What is Mutsig?
MutSig stands for "Mutation Significance". MutSig analyzes lists of mutations discovered in DNA sequencing, to identify genes that were mutated more often than expected by chance given background mutation processes.
For more information, see Lawrence, M. et al. Mutational heterogeneity in cancer and the search for new cancer-associated genes. Nature 499, 214-218 (2013). link to paper
The input data to MutSig is lists of mutations (and indels) from a set of samples (patients) that were subjected to DNA sequencing, as well as information about how much territory was covered in the sequencing. MutSig was originally developed for analyzing somatic mutations, but it has also been useful in analyzing germline mutations. MutSig builds a model of the background mutation processes that were at work during formation of the tumors, and it analyzes the mutations of each gene to identify genes that were mutated more often than expected by chance, given the background model.
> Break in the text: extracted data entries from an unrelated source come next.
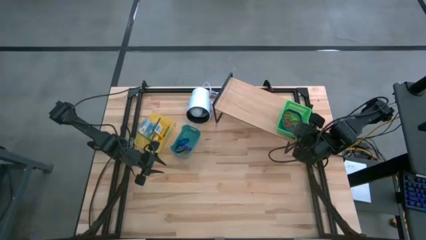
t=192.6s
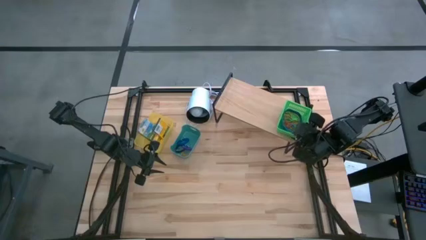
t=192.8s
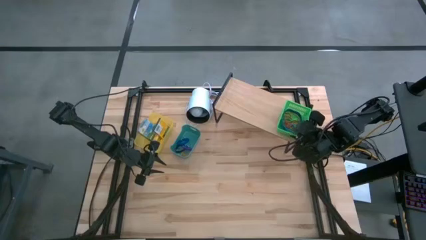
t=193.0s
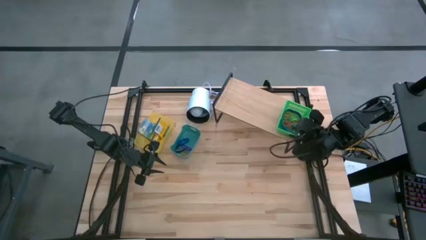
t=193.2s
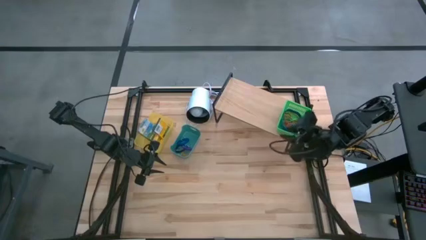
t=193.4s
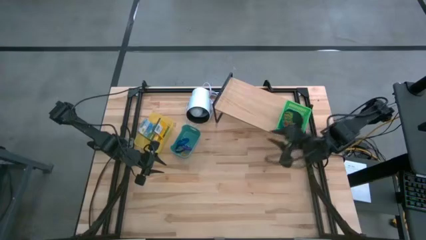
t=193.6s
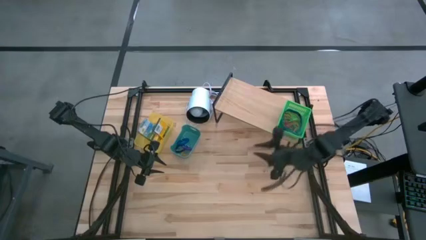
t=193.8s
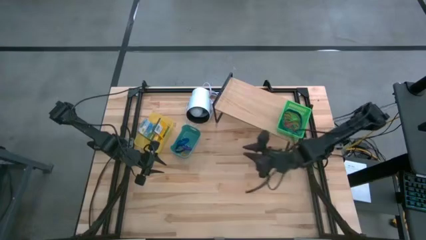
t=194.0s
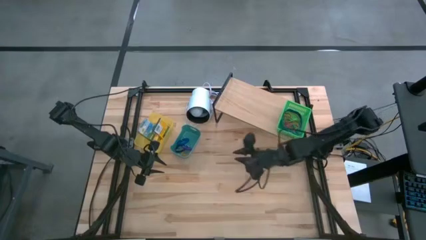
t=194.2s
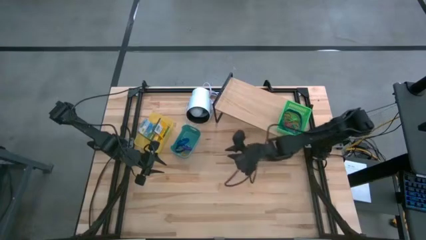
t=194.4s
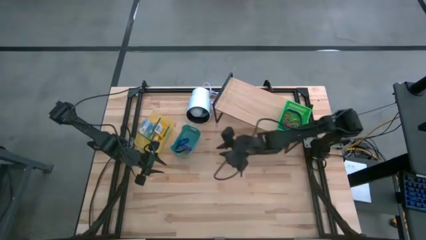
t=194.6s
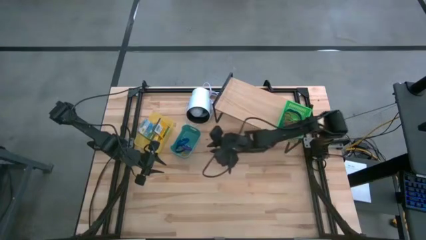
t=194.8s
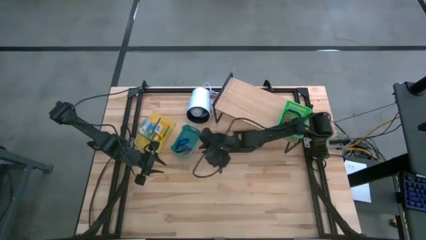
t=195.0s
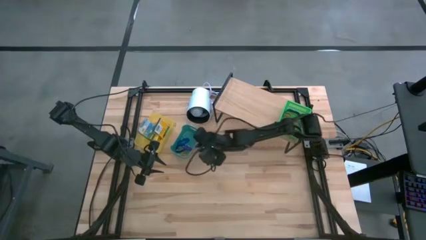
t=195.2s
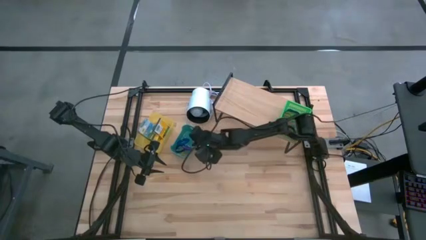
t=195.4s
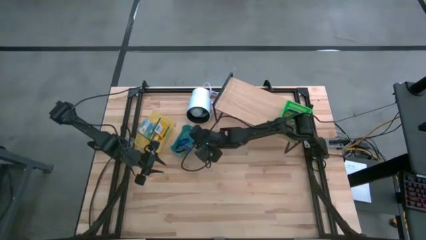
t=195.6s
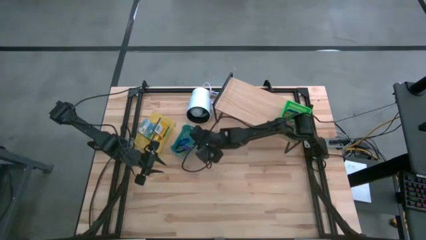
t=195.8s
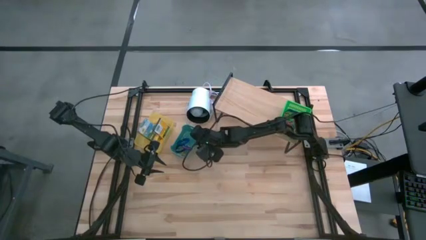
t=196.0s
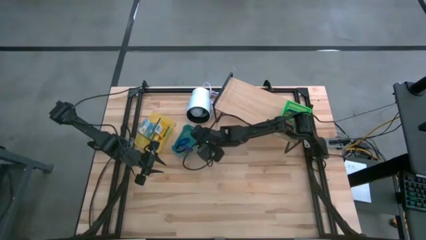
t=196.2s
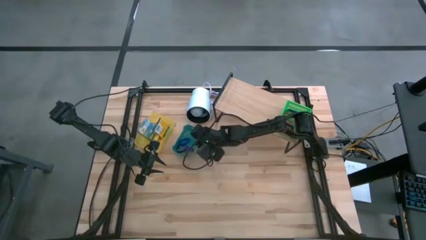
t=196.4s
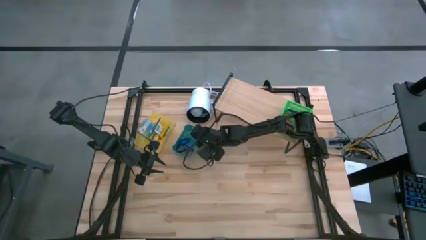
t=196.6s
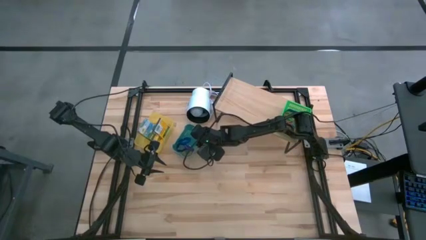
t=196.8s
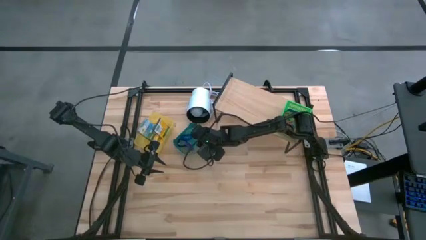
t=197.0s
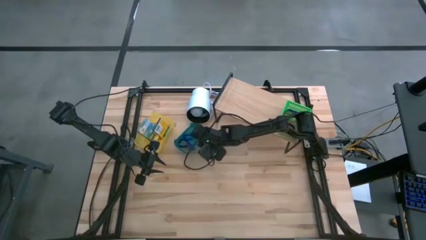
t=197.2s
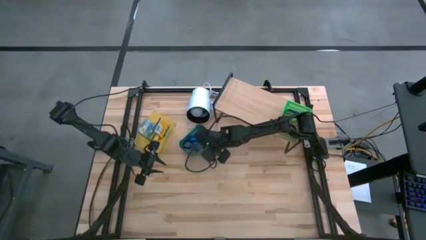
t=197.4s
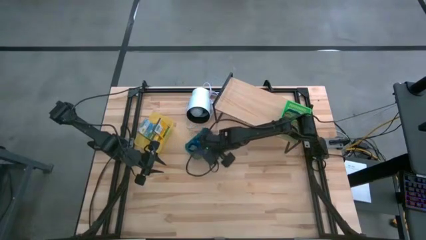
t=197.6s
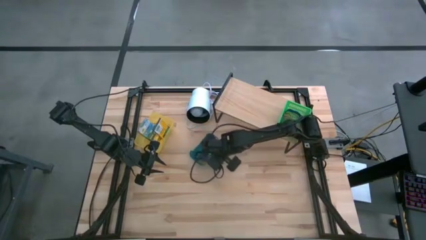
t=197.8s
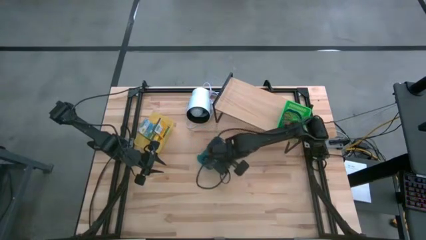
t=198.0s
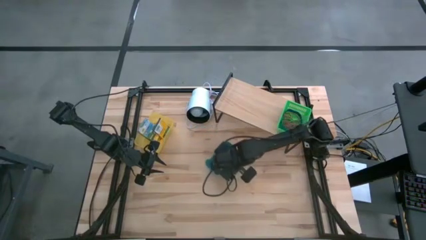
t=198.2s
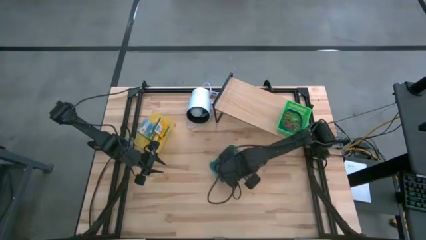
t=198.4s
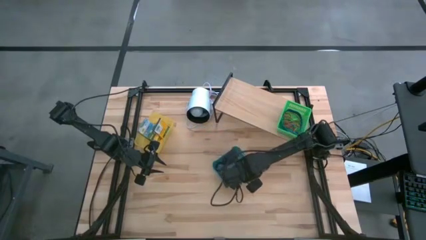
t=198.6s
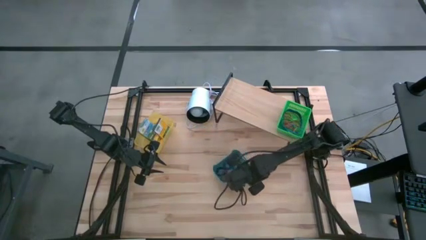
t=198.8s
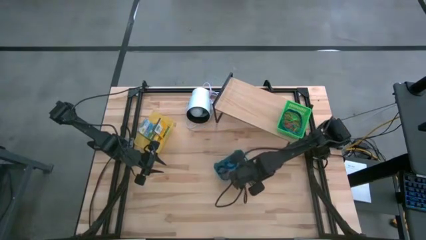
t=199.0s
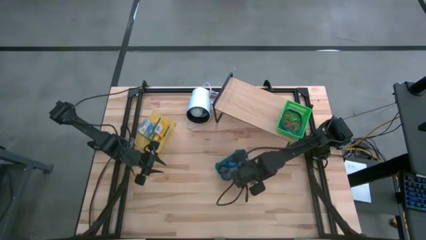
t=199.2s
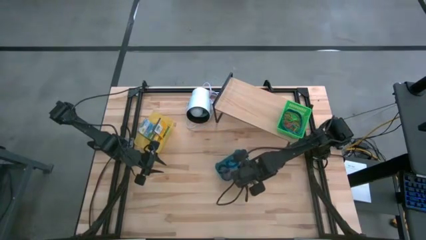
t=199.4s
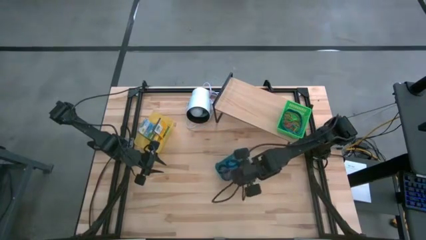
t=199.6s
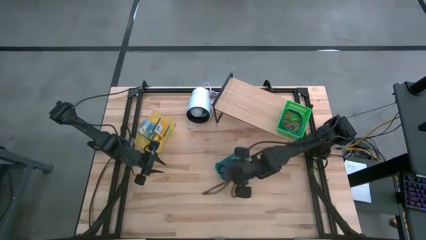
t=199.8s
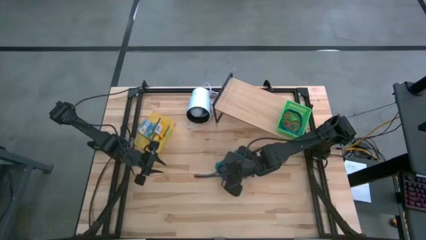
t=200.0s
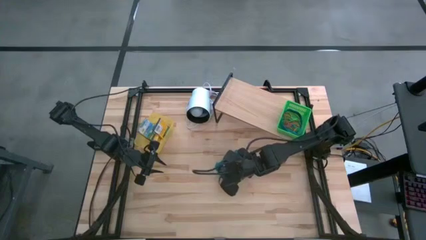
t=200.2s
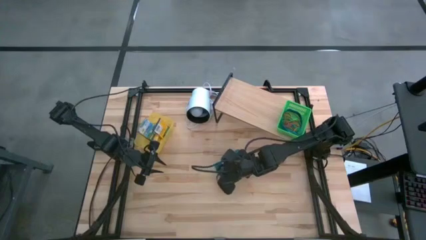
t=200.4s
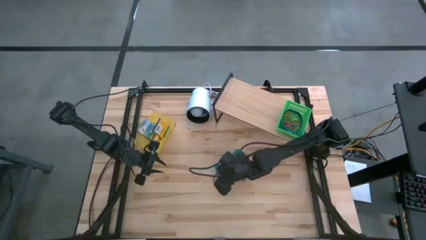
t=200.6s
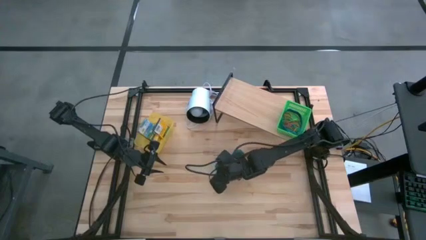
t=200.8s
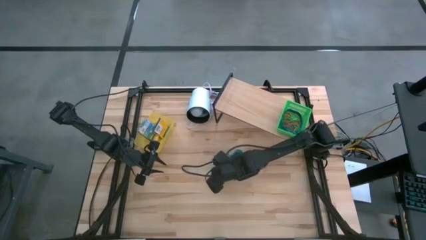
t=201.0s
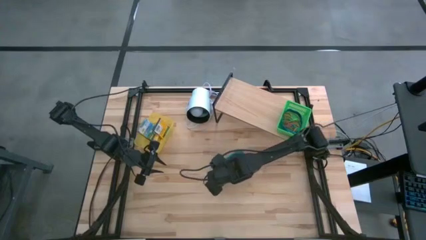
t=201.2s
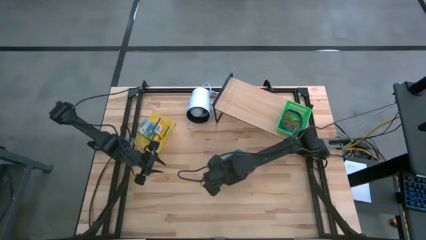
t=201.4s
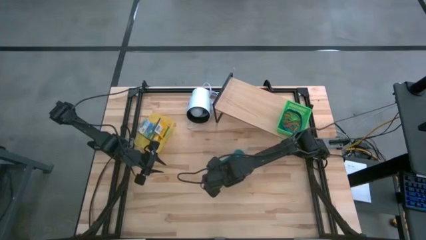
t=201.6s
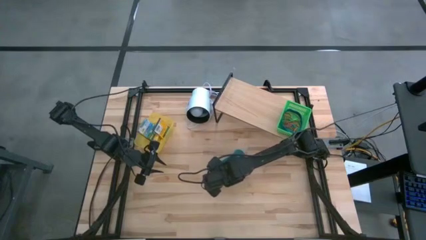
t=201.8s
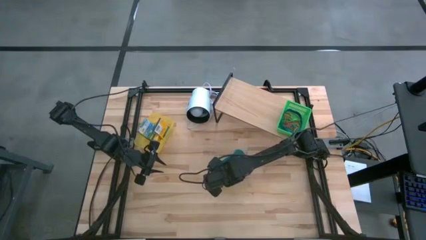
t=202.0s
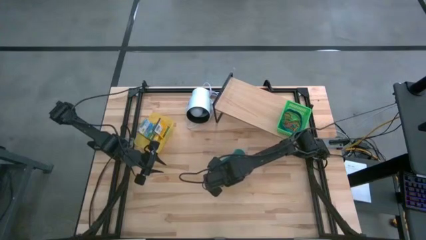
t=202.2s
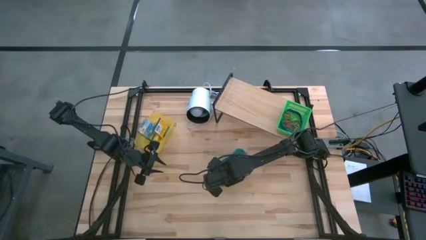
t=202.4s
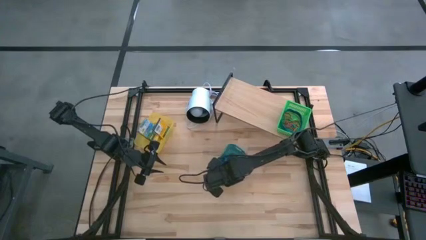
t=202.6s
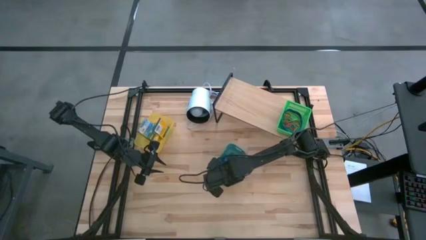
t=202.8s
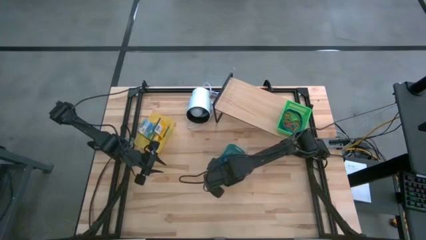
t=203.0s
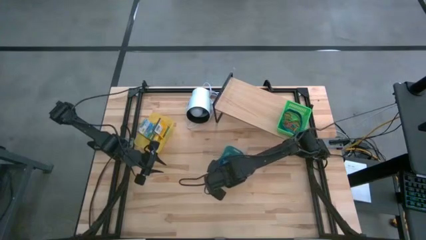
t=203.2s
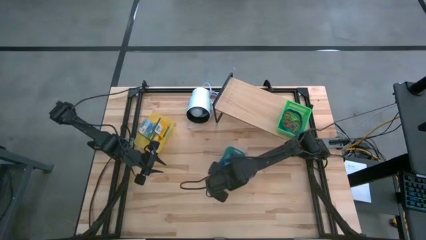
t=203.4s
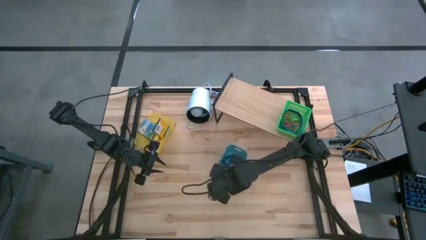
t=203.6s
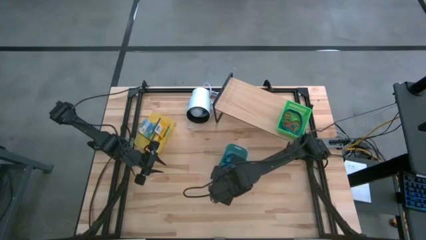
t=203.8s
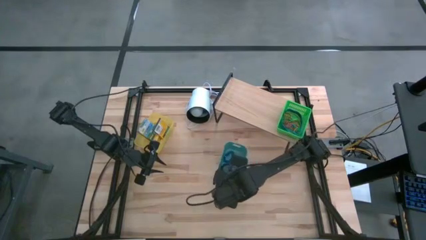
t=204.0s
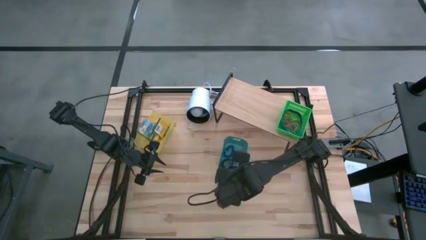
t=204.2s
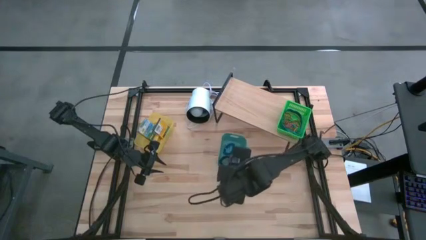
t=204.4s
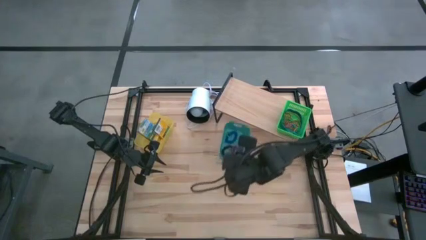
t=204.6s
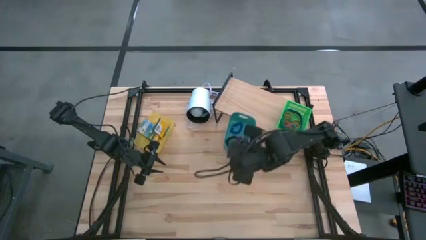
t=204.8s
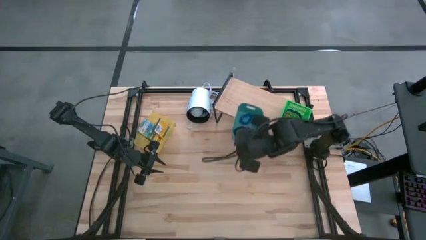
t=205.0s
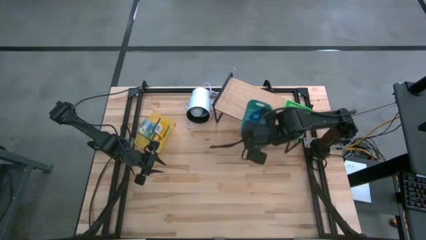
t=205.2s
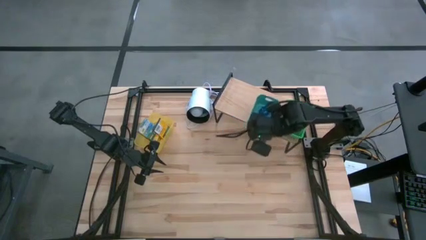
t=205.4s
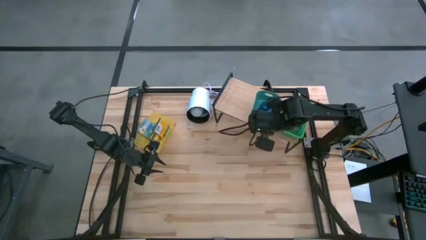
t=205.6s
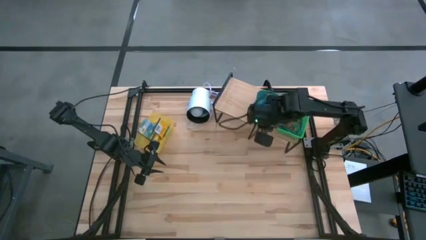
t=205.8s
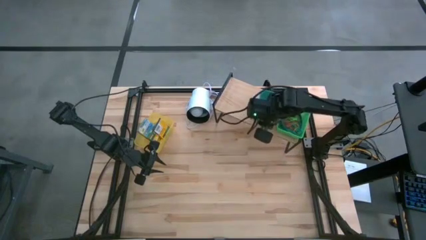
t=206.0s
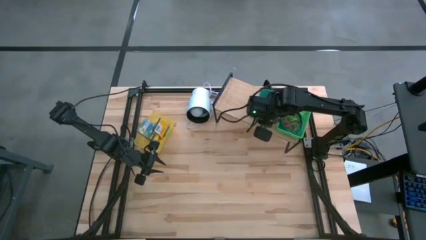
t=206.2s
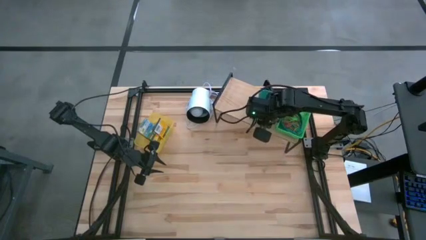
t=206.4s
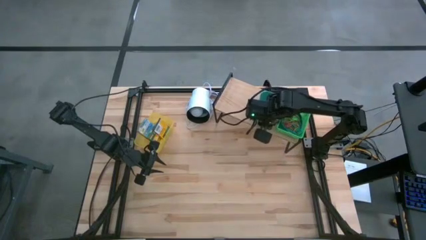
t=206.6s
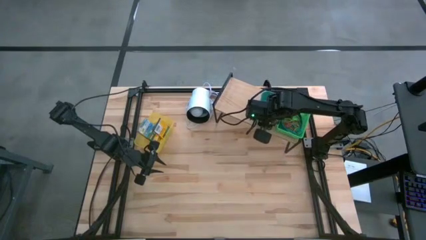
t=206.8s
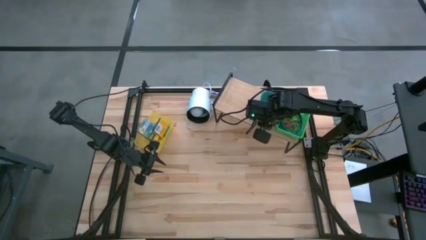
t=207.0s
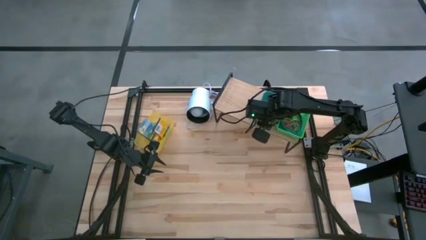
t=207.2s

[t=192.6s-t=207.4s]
Task: Pick & Place Office Desk Supplies
Put the blue bin on the shelf

The cartoon below illustrates the overall concept. On the left is a set of genomes (or exomes), each from sequencing the tumor cells of a different cancer patient. Genes are indicated as colored bands, and somatic mutations are indicated by red triangles. First, tumors are aggregated together and mutations are tallied, and then a score and p-value are calculated for each gene. A significance threshold is chosen to control the False Discovery Rate (FDR), and genes exceeding this threshold are reported as significantly mutated.
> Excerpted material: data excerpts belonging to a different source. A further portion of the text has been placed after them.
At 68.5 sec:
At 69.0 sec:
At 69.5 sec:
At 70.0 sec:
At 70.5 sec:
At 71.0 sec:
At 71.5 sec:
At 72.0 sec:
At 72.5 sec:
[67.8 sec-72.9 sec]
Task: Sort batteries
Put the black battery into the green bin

A critical component of MutSigCV is the background model for mutations, the probability that a base is mutated by chance. Patients being analyzed do not all have the same background mutation rate, or the same spectrum of mutations. Similarly, not all regions of the genome (or exome) have the same background mutation patterns.
MutSig has been evolving since the early days of clinical sequencing, and several versions have been in use:
MutSig1.0 assumed a constant background mutation rate (BMR) across the genome.
MutSig1.5 implemented a rudimentary estimate of per-gene background mutation rates from analyzing the silent (synonymous) mutations of each gene and the rough expression level of the gene.
MutSig2.0, although named similarly to the above versions, is actually a rather different animal. While the versions listed above consider the *abundance* of mutations above background, this part of MutSig looks at two additional independent signals of positive selection in genes: the *clustering* of mutations in hotspots, and the functional impact of the mutations, which can be estimated in a number of ways (PolyPhen, SIFT, CHASM, Mutation Assessor, etc.), or even simply from the *conservation* of the sites--that is, how conserved they were during vertebrate evolution. These two signals are then combined with each other and with the results of MutSig 1.5 to yield a final measure of significance that takes all three signals (Abudance, Clustering, and Conservation) into account.
MutSigS2N was a rudimentary precursor of MutSigCV, used in a few interim projects before MutSigCV was developed.
MutSigCV is our most current version of the algorithm. The "CV" stands for "covariates". MutSigCV starts from the observation that the data is very sparse, and that there are usually too few silent mutations in a gene for its BMR to be estimated with any confidence. MutSigCV improves the BMR estimatation by pooling data from 'neighbor' genes in covariate space. These neighbor genes are chosen on the basis of having similar genomic properties to the central gene in question: properties such as DNA replication time, chromatin state (open/closed), and general level of transcription activity (e.g. highly transcribed vs. not transcribed at all). These genomic parameters have been observed to strongly correlate (co-vary) with background mutation rate. For instance, genes that replicate early in S-phase tend to have much lower mutation rates than late-replicating genes. Genes that are highly transcribed also tend to have lower mutation rates than unexpressed genes, due in part to the effects of transcription-coupled repair (TCR). Genes in closed chromatin (as measured by HiC or ChipSeq) have higher mutation rates than genes in open chromatin. Incorporating these covariates into the background model substantially reduces the number of false-positive findings.